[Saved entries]
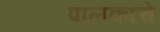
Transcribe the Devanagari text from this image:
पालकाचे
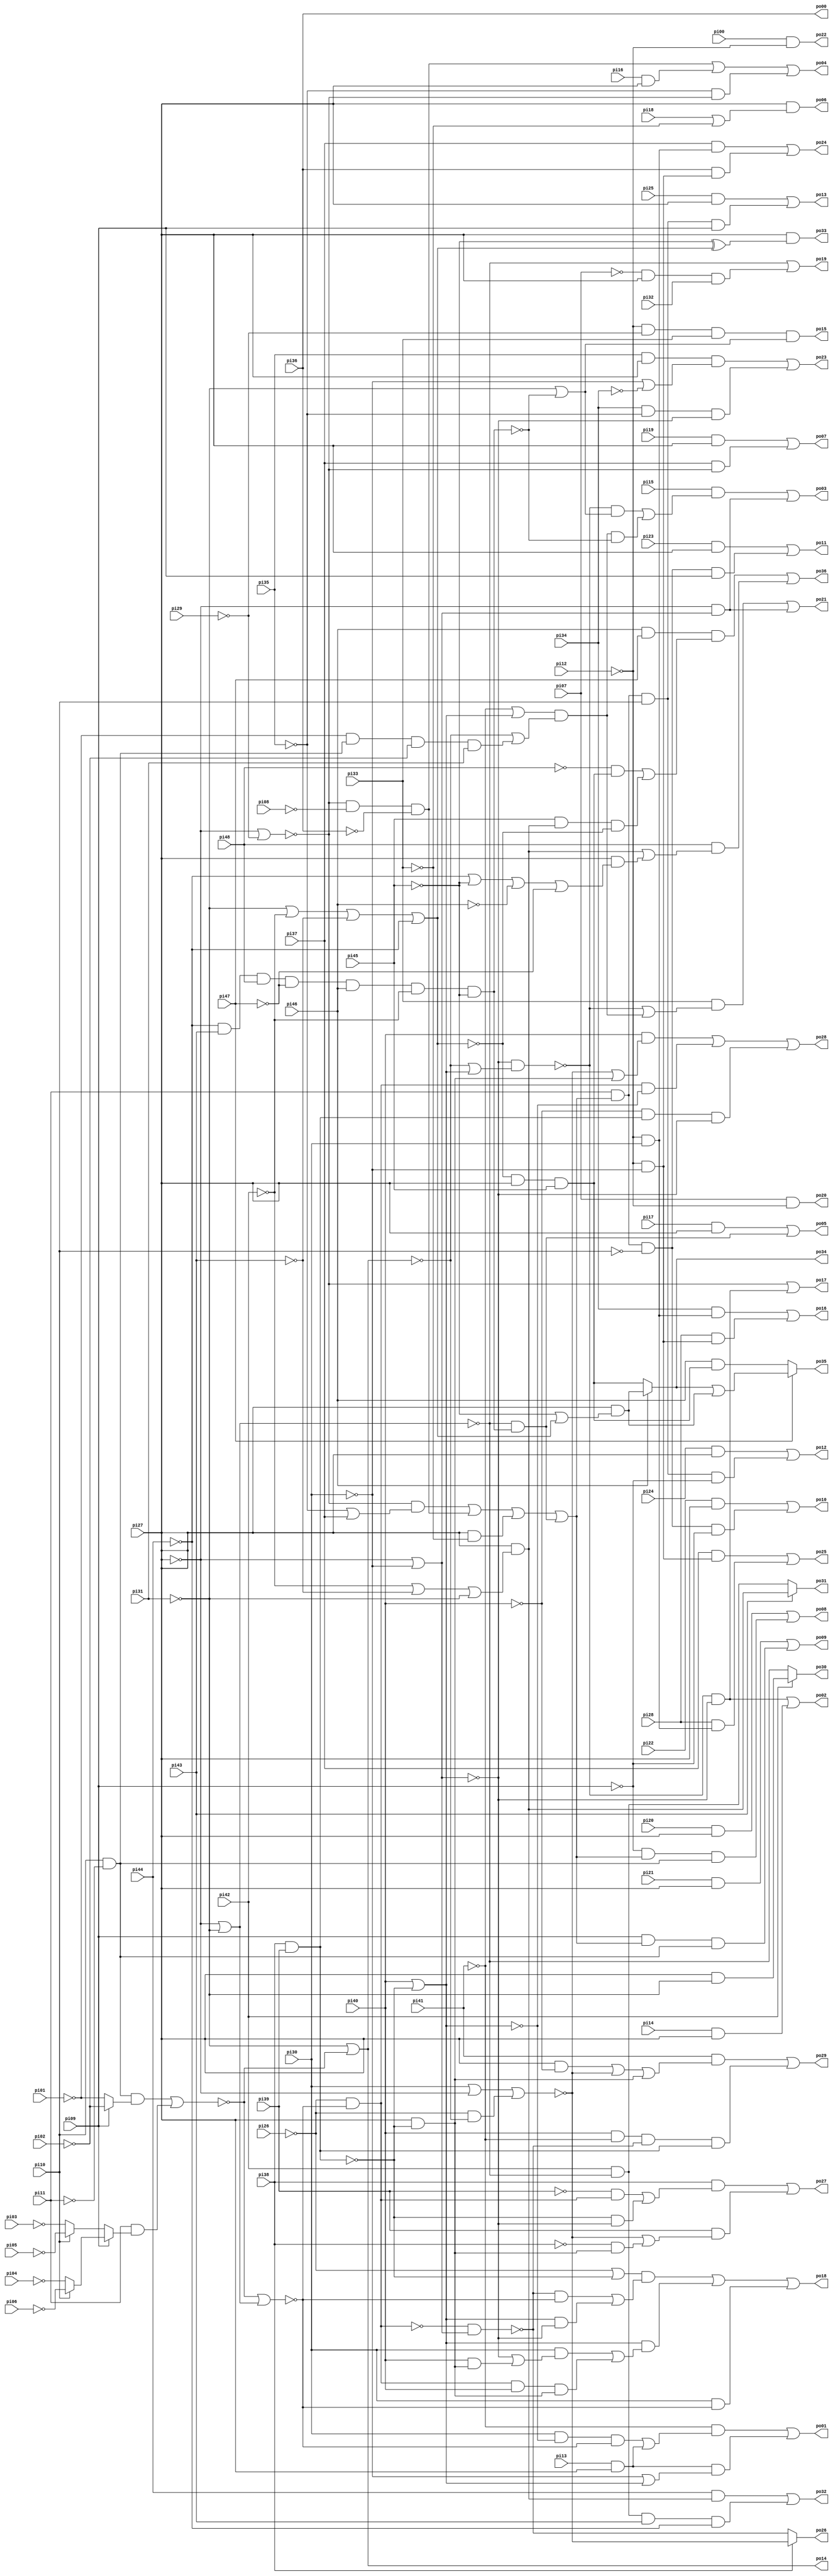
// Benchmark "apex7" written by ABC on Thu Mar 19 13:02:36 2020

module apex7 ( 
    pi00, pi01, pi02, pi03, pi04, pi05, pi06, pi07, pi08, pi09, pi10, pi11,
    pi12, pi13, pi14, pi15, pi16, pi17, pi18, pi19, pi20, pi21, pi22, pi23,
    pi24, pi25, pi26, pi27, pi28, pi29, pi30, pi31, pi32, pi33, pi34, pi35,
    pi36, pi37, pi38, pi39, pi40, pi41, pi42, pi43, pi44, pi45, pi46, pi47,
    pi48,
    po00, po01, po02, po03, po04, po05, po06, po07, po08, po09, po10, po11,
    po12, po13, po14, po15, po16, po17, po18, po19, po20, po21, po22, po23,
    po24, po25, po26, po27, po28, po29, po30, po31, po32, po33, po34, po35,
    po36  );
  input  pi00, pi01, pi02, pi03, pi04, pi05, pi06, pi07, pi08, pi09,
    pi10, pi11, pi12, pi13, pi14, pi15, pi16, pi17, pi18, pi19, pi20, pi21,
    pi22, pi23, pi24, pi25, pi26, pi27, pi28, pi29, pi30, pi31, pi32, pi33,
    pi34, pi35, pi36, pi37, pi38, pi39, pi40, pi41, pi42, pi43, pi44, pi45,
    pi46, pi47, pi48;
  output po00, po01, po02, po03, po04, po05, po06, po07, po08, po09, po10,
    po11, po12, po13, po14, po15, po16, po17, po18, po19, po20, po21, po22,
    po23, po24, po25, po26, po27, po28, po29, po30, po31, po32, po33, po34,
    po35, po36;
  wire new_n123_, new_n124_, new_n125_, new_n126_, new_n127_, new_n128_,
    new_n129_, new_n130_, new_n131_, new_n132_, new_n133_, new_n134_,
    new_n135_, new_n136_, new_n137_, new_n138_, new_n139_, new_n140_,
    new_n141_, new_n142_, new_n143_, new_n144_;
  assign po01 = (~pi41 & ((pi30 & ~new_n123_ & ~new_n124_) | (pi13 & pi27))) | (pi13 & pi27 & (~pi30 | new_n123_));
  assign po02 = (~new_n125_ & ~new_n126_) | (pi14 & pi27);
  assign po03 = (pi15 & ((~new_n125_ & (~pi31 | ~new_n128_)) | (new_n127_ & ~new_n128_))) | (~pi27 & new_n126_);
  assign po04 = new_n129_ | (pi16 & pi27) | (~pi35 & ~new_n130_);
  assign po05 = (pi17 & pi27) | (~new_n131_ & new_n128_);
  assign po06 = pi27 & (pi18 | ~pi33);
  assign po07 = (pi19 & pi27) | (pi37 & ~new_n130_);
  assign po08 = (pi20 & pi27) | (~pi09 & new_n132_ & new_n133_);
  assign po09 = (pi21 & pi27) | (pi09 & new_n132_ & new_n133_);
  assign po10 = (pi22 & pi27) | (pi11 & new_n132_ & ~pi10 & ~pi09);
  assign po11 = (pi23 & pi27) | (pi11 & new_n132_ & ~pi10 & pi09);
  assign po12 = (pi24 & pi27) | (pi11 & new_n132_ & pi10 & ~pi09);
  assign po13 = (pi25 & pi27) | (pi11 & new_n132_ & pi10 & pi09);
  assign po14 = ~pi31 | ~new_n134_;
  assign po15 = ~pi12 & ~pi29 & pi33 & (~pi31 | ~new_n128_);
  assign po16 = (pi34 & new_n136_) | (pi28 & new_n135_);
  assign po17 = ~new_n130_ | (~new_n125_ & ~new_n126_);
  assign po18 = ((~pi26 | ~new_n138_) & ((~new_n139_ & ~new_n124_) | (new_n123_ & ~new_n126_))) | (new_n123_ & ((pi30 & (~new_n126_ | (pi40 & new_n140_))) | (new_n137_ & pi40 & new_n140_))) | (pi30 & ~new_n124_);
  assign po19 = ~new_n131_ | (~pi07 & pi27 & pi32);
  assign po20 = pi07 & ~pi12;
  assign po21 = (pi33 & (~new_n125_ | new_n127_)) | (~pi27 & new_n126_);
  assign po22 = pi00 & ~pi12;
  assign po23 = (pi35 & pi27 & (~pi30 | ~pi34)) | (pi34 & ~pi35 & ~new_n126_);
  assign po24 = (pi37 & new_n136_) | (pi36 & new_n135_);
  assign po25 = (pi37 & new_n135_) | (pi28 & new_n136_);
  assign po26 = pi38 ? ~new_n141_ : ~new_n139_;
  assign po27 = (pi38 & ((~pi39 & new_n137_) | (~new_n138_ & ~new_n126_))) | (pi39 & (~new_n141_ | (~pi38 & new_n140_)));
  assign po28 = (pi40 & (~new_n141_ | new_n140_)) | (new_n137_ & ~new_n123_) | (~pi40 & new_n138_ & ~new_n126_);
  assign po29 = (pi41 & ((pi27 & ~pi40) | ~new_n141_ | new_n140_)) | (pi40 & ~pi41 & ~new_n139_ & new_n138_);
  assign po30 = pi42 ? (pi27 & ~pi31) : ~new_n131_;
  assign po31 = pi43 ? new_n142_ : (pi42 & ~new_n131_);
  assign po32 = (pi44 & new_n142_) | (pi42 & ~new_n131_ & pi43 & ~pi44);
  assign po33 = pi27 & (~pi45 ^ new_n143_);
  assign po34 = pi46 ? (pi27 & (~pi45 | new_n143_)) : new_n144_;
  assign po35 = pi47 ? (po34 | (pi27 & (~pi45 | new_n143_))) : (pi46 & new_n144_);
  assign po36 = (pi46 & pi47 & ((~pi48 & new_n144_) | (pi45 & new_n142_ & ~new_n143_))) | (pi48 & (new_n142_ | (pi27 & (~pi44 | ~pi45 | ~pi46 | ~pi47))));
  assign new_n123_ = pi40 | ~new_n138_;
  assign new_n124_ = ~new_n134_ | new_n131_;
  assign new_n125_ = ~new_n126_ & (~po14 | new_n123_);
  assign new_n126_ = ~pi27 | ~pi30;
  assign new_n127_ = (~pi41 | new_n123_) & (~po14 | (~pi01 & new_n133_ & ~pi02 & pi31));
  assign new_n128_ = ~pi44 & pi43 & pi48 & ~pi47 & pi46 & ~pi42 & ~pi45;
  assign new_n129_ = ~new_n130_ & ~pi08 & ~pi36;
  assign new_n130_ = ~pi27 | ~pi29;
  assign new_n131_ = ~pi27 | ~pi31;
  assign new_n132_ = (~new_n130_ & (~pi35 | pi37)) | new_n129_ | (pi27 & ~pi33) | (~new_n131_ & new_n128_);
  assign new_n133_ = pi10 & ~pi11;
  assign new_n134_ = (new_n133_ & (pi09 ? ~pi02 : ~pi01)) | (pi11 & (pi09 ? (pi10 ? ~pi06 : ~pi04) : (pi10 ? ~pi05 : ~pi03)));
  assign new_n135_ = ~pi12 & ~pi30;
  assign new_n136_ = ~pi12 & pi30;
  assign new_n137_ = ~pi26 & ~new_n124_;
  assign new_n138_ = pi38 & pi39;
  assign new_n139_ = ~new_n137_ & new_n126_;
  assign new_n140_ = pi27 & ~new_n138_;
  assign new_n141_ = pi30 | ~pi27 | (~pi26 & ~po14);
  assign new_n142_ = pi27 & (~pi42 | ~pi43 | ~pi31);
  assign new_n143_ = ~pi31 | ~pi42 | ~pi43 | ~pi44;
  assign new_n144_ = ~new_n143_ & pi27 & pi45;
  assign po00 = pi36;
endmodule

---

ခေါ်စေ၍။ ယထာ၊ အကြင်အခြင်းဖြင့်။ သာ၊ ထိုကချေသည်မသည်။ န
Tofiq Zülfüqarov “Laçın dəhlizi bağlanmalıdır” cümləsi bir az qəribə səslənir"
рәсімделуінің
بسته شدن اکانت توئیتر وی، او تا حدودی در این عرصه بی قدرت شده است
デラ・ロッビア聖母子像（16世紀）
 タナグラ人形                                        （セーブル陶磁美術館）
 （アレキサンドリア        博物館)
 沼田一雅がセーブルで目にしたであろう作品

◆ **What you should do**: Going by the data above, give back only the lines from the one containing "Transcribe the Devanagari" through the one containing "assign po02 = (~new_n125_", exactly as they stand, both ends included and no images.

◆ **Response for this exercise**:
Transcribe the Devanagari text from this image:
पालकाचे
// Benchmark "apex7" written by ABC on Thu Mar 19 13:02:36 2020

module apex7 ( 
    pi00, pi01, pi02, pi03, pi04, pi05, pi06, pi07, pi08, pi09, pi10, pi11,
    pi12, pi13, pi14, pi15, pi16, pi17, pi18, pi19, pi20, pi21, pi22, pi23,
    pi24, pi25, pi26, pi27, pi28, pi29, pi30, pi31, pi32, pi33, pi34, pi35,
    pi36, pi37, pi38, pi39, pi40, pi41, pi42, pi43, pi44, pi45, pi46, pi47,
    pi48,
    po00, po01, po02, po03, po04, po05, po06, po07, po08, po09, po10, po11,
    po12, po13, po14, po15, po16, po17, po18, po19, po20, po21, po22, po23,
    po24, po25, po26, po27, po28, po29, po30, po31, po32, po33, po34, po35,
    po36  );
  input  pi00, pi01, pi02, pi03, pi04, pi05, pi06, pi07, pi08, pi09,
    pi10, pi11, pi12, pi13, pi14, pi15, pi16, pi17, pi18, pi19, pi20, pi21,
    pi22, pi23, pi24, pi25, pi26, pi27, pi28, pi29, pi30, pi31, pi32, pi33,
    pi34, pi35, pi36, pi37, pi38, pi39, pi40, pi41, pi42, pi43, pi44, pi45,
    pi46, pi47, pi48;
  output po00, po01, po02, po03, po04, po05, po06, po07, po08, po09, po10,
    po11, po12, po13, po14, po15, po16, po17, po18, po19, po20, po21, po22,
    po23, po24, po25, po26, po27, po28, po29, po30, po31, po32, po33, po34,
    po35, po36;
  wire new_n123_, new_n124_, new_n125_, new_n126_, new_n127_, new_n128_,
    new_n129_, new_n130_, new_n131_, new_n132_, new_n133_, new_n134_,
    new_n135_, new_n136_, new_n137_, new_n138_, new_n139_, new_n140_,
    new_n141_, new_n142_, new_n143_, new_n144_;
  assign po01 = (~pi41 & ((pi30 & ~new_n123_ & ~new_n124_) | (pi13 & pi27))) | (pi13 & pi27 & (~pi30 | new_n123_));
  assign po02 = (~new_n125_ & ~new_n126_) | (pi14 & pi27);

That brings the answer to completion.